I did run Kbuild a few times while debugging the series and did not see a
significant difference either way. Because of that I only kept one fresh run
with the final tree before sending the RFC, so this should be read only as a
smoke test, not as performance evidence.

For the next version I will rerun Kbuild properly with multiple fresh
iterations and report it, so it can be used as a more reliable
performance comparison instead of just smoke coverage.

>
>>
>> Shmem smoke, tmpfs huge=always, 64K shmem mTHP:
>>
>> +----------------------------+---------------+---------+-------------+----------+
>> | case | refault hint | touched | 64K shmem | 64K in |
>> +----------------------------+---------------+---------+-------------+----------+
>> | nohint_seq | none | 65536 | 4096 | 0 |
>> | seq_refault_hint | sequential | 65536 | 4096 | 4096 |
>> | random_refault_hint_sparse | random | 4096 | 4096 | 0 |
>> +----------------------------+---------------+---------+-------------+----------+
>>
>> That matches the current shmem producer: explicit sequential refault hints
>> allow large zswap swapin; no hint and random hints do not.
>>
>> What this RFC does not establish
>> ================================
>>
>> The 64K cap is deliberate, but it is not tuned.
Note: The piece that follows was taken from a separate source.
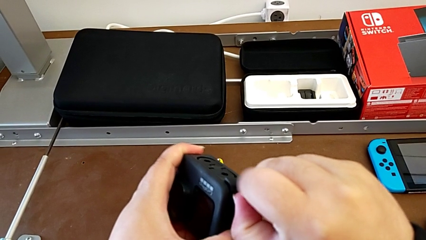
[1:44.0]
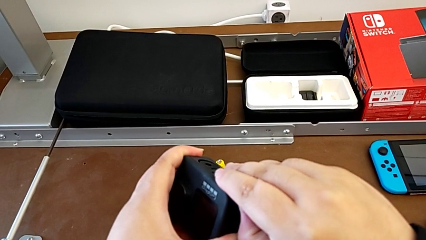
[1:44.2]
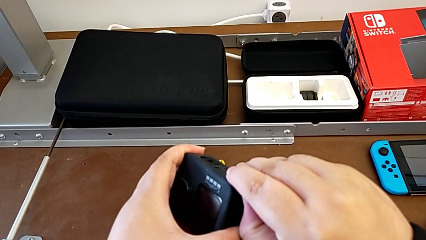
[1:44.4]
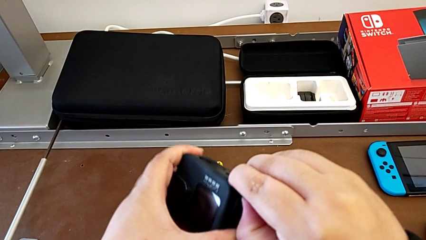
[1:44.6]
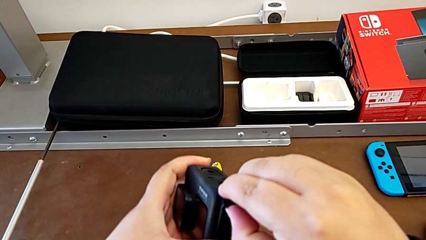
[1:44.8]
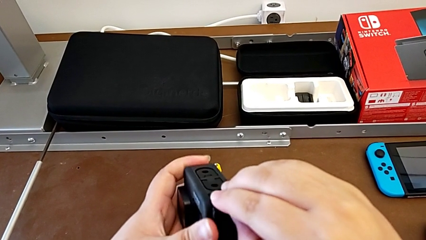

The anon PTE-young rule is
>> only anon evidence. Shmem has the framework and explicit VMA hints in this
>> RFC, not a page-cache locality producer. For larger orders, the anon
>> producer should probably use bounded sampling instead of walking every PTE
>> in a 1M or larger candidate range. The mixed-backend tests cover fallback
>> behavior, but this series does not add mixed zswap/disk large IO.
>
> The mixed IO can be deferred, but I think we should figure out a rule
> to extend this hint to arbitrarily sized ranges, and preferrably shmem
> too.

That makes sense.

The current 64K cap was intentionally conservative, but the locality rule is
too tied to that size. For v3 I will look at making the admission rule
order-independent, probably with bounded sampling rather than walking every
PTE for larger ranges.

For shmem, this RFC only uses explicit VMA hints, so it does not yet have a
real page-cache locality producer. I will think through how to add a shmem
producer with similar semantics, so the rule is not anon-only.